Russell Investments and Harris/Decima Retirement Research Highlights
- 63% of Canadians surveyed have remained confident during the economic
- 78% still expect to retire at or before 65 years of age.
- 94% maintained their investments or increased their portfolio
holdings in volatile markets.
TORONTO, March 15 /CNW/ - Most Canadians are unaware of how much income potential their retirement portfolio can generate.
A recent poll by Russell Investments Canada Limited and Harris/Decima of investors aged 42 years and over, with a household income of $50,000 or more, revealed that 88% of investors don't know that the bulk of their investment income in retirement can be generated from growth that occurs during retirement.
"Many Canadians still believe that once they retire, their investments retire as well. But by working with an advisor and investing in retirement solutions that can continue to grow during retirement, investors can feel assured knowing that close to 60% of retirement income can be generated during retirement," says Fred Pinto, Managing Director of Distribution Services at Russell Investments Canada Limited.
Pinto helped develop a previous Russell retirement report, entitled: "The Russell 10/30/60 Retirement Rule". The Rule concludes that investment earnings during retirement could come from 10% initial savings during the working years, 30% pre-retirement investment growth, and as much as 60% from growth after retirement - this all depends on having the right asset mix of bonds and equities.
Canadians underestimate investment growth during retirement
The retirement report also discovered that investors believe that 49% of their retirement income will come from money saved during their working years. Meanwhile, investors think the growth of their pre-retirement savings will provide for 31% of their spending in their golden years. Investors thought that investments will only account for 20% of their potential income during retirement.
"If investors continue to underestimate the need for investment growth during retirement, they could become too conservative with their investments and potentially miss out on generating that very important 60% of their investment income during retirement," explains Pinto.
"That's why it is important to remain invested in some allocation to equities during your retirement years. You need to continue to grow your portfolio to protect against inflation and rising costs such as health care. Remember, it's not the end of the investment journey when you retire."
Most Canadians remain confident about their retirement plans.
Despite greater market and economic volatility recently, only 37% of Canadians report some loss of confidence in their retirement finances. In comparison, 53% of Canadians surveyed say their confidence level has not been impacted and 10% are even more confident that they'll have enough in retirement.
Just as telling, 29% of pre-retirees still plan to retire at 65 years of age, while 49% expect to retire before age 65. Only 22% of those surveyed expect to retire after age 65.

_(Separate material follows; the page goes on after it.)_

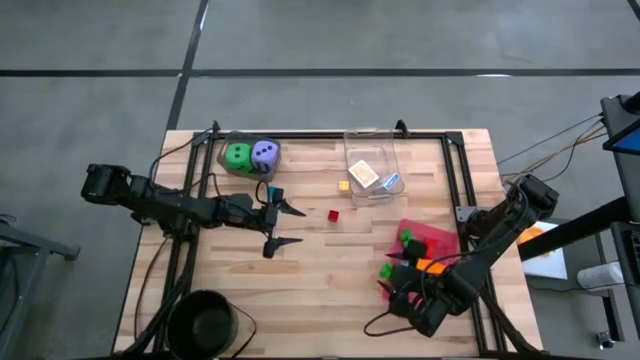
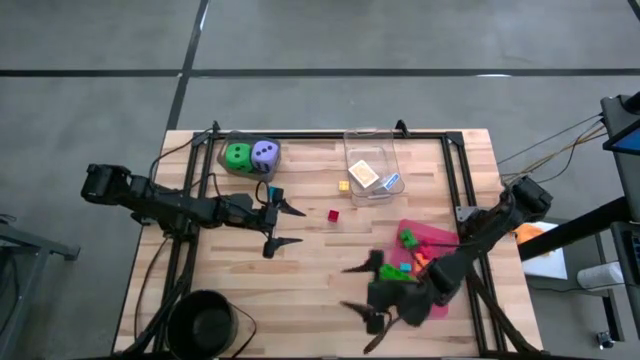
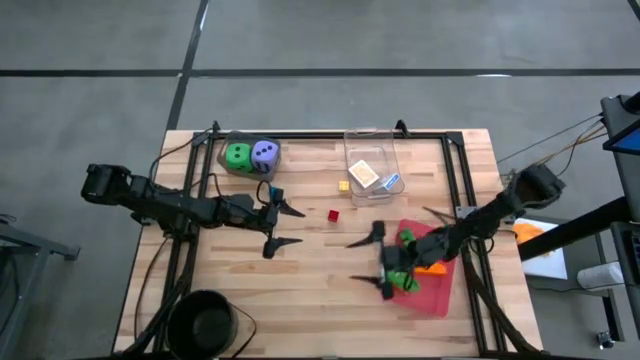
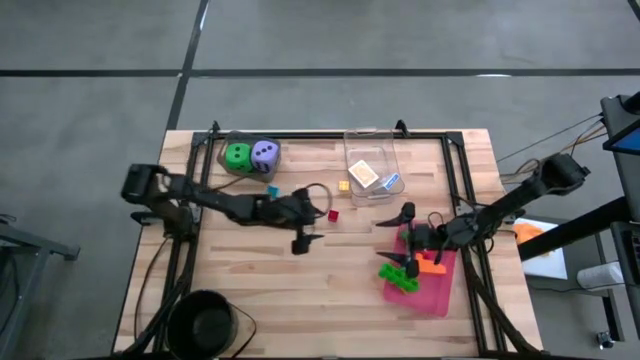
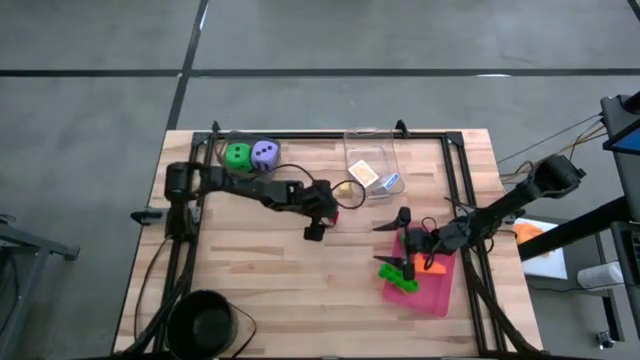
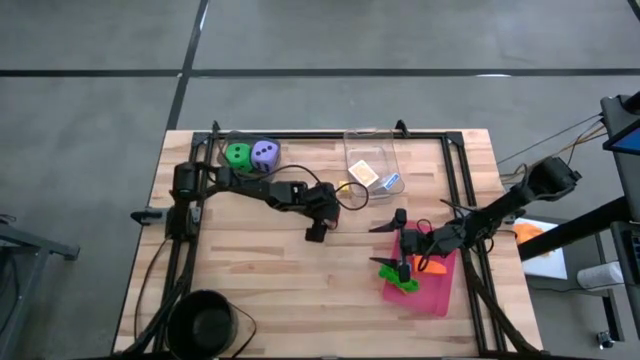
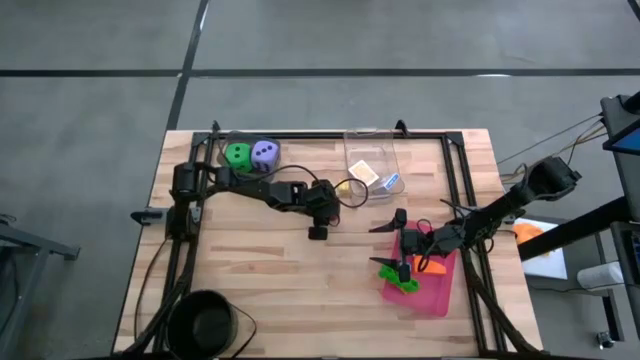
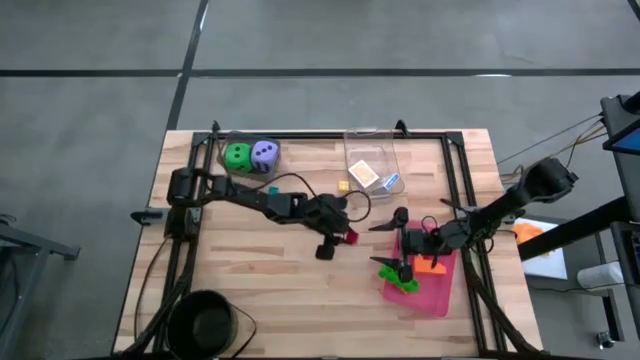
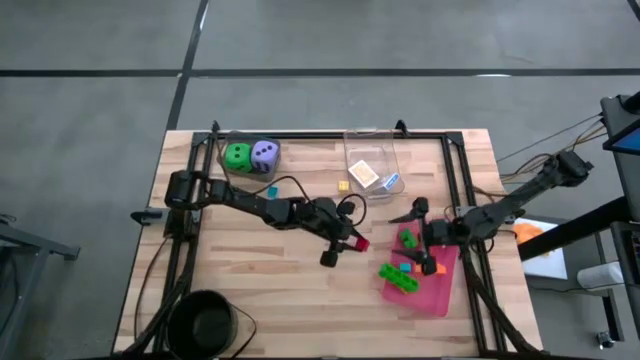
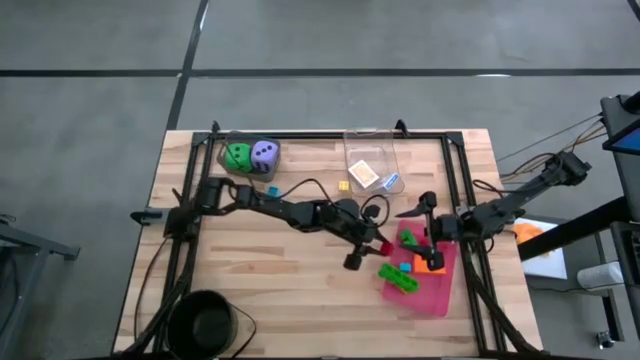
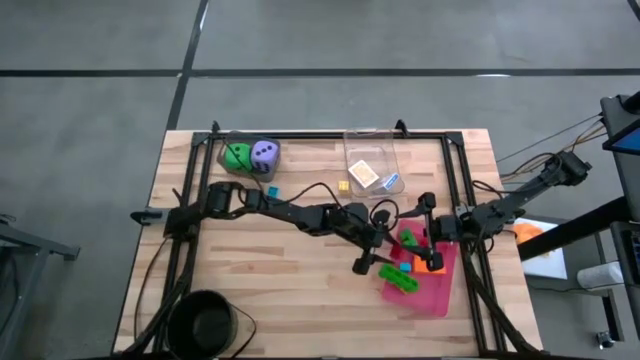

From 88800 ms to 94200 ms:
Put the red game piece into the pink bin

Most left their investments unchanged in volatile markets
Throughout the recent market downturn, a remarkable 78% of Canadian investors have kept their investments unchanged as they wait for economic improvements to take hold. Another 16% have taken advantage of market volatility to increased their investments and seize new opportunities. A mere 7% sold their investments and retreated from uncertain markets.
"Retirement remains at the forefront of many Canadians' minds, especially in light of the market events that we've experience over the past two years," says Pinto.

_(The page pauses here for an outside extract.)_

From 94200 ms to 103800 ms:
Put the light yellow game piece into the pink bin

"Russell continues to stand behind our advice to investors: Don't retire from investing. Invest for retirement. We also will continue to provide retirement knowledge and research in an effort to help Canadians take action and start planning for a financially healthy retirement with the help of a financial advisor."
To get access to more of Russell's retirement research report, visit: www.myfinanciallyhealthyretirement.com
Founded in 1936, Russell Investments is a global financial services firm that serves institutional investors, financial advisers and individuals in more than 40 countries. Over the course of its history, Russell's innovations have come to define many of the practices that are standard in the investment world today, and have earned the company a reputation for excellence and leadership.
Through a unique combination of wide-ranging and inter-linked businesses, Russell delivers financial products, services and advice. A pioneer, Russell began its strategic pension fund consulting business in 1969 and today is trusted by many well-known worldwide institutions for investment advice. The firm has approximately $184.9 billion CDN in assets under management (as at 31/12/09) in its investment funds, retirement products and institutional funds, and is well recognized for its depth of research and quality of manager selection.